Pernyataan ini disampaikan oleh Kepala Biro Hubungan Masyarakat (Humas), Data dan Informasi Kementerian Agama, Mastuki di Jakarta, Senin (6/5/2019).
“Dalam masyarakat majemuk seperti Indonesia, baik agama, budaya, adat istiadat, etnik, maupun bahasa dan paham keagamaan, Ramadan menjadi momentum untuk meneguhkan persatuan dan memperkuat toleransi di antara sesama,” ujar Mastuki.
Mastuki pun menyeru kepada seluruh elemen masyarakat untuk menjadikan bulan suci Ramadan sebagai bulan muhasabah, untuk menginstrospeksi diri masing-masing.
“Lebih-lebih, pasca Pilpres/Pileg di mana elemen-elemen bangsa terpolarisasi akibat kompetisi. Kini saatnya menenggang rasa dan bersatu kembali, merajut kemajemukan untuk memajukan bangsa,” ajak Mastuki.

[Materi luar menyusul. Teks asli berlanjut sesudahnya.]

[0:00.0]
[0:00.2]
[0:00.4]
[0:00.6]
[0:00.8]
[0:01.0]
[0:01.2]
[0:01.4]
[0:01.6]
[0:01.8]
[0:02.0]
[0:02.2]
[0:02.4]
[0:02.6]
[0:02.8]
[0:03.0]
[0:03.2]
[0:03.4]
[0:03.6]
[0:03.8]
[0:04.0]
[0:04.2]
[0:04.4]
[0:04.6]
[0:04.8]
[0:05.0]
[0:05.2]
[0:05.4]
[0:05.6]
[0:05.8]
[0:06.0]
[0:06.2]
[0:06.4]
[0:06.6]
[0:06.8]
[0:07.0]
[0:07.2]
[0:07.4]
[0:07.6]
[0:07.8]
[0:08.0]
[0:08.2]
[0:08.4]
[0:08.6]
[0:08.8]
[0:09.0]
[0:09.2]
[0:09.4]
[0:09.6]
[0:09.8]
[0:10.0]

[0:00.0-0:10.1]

Di bulan Ramadan ini pula menurut Mastuki, menjadi momentum untuk mempersatukan toleransi serta sikap tenggang rasa antar umat beragama.
“Bagi yang berpuasa perlu menenggang rasa orang yang tak berpuasa. Bagi muslim ada banyak orang yang tak berpuasa karena kondisi yang mengharuskan ia boleh tak berpuasa,” ujarnya.
Misalnya, lanjutnya, pekerja kasar, ibu hamil dan mennyusui, musafir, dan lain-lain. Di Indonesia juga banyak masyarakat non muslim yang juga tak dikenakan kewajiban berpuasa.
Sebaliknya, Mastuki juga mengimbau bagi pihak yang tidak berpuasa untuk wajib menghormati dan menenggang rasa bagi mereka yang berpuasa.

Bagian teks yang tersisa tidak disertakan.